EXERCISE INSTRUCTIONS: Pictures stay out of the copy. Repeat exactly the lines from the first entry below through the line that contains "claims is printed in 1852", and nothing beyond.

AVAILABLE RECORDS:
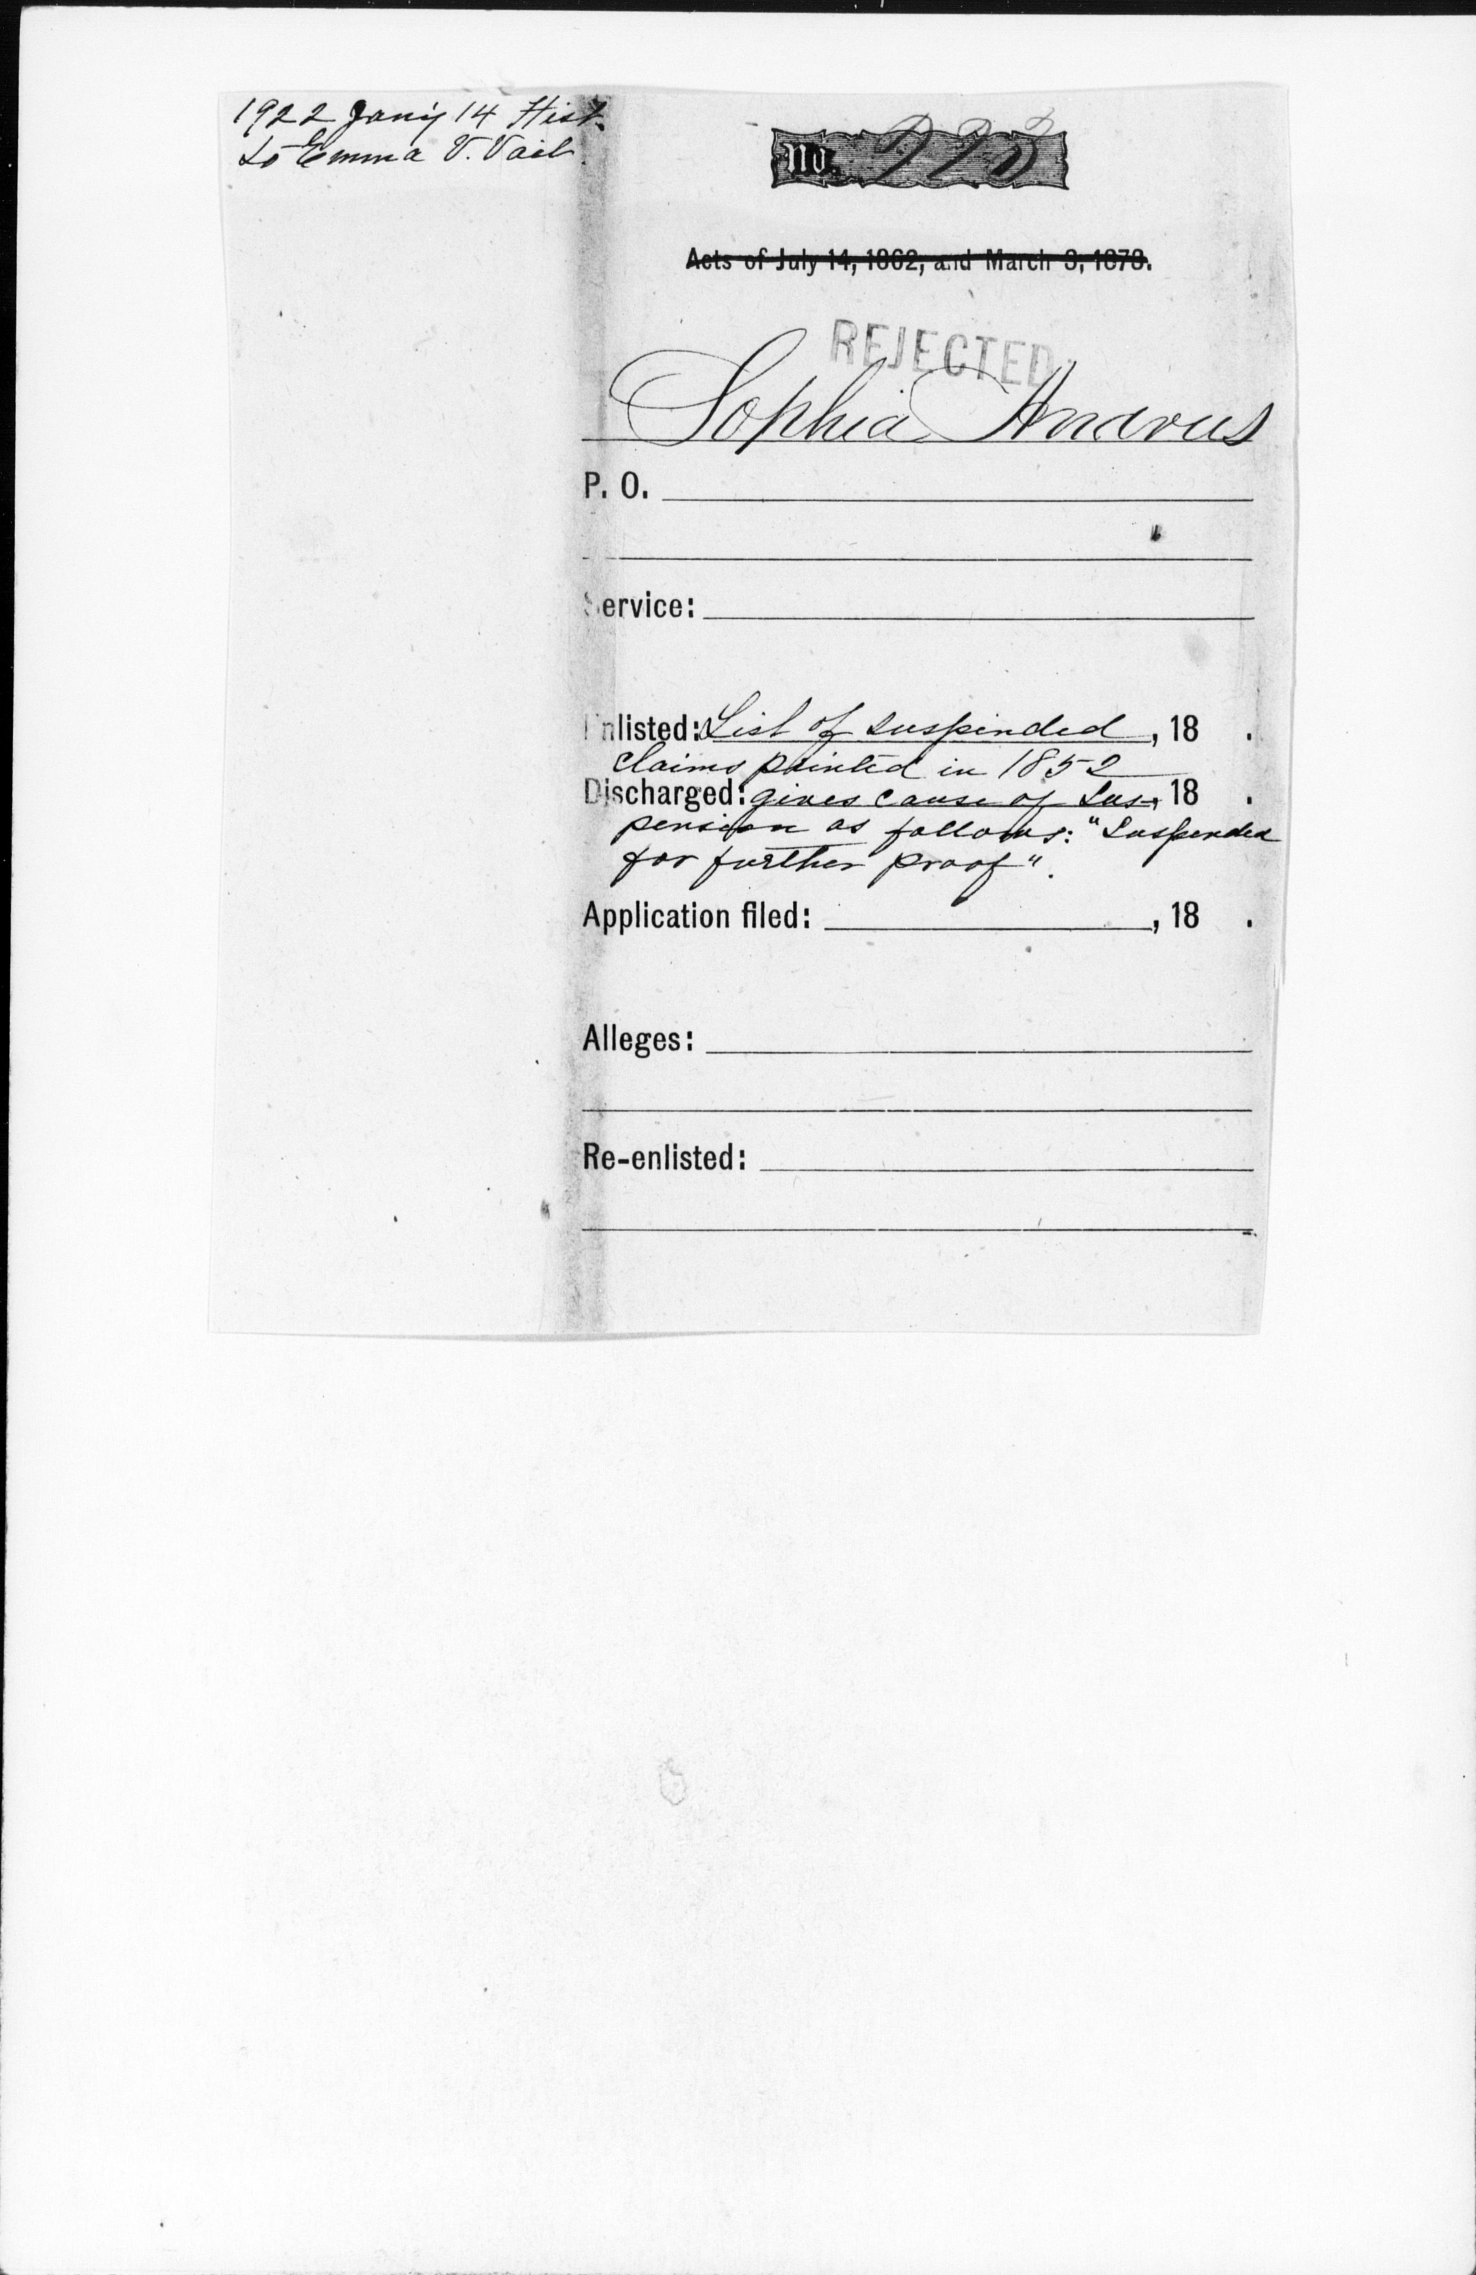1922 Jan.  14 Hist.               No. 225
To Emma V. Vail


[Acts of July 14, 1862, and March 9, 1870]
REJECTED

Sophia Andrews
P. O. __________________________
Service:_______________________
Enlisted: List of suspended, 18
claims is printed in 1852

Discharged: gives cause of Sus-,18
Pension as follows: "Suspended for further proof." 

Application filed:_________________,18
Alleges:_________________________
Re-enlisted:______________________

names: Sophia Andrus
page: 10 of 27
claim: rejected
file: R. 223, Eldad Andrus, Vt.

EXERCISE RESPONSE:
1922 Jan.  14 Hist.               No. 225
To Emma V. Vail


[Acts of July 14, 1862, and March 9, 1870]
REJECTED

Sophia Andrews
P. O. __________________________
Service:_______________________
Enlisted: List of suspended, 18
claims is printed in 1852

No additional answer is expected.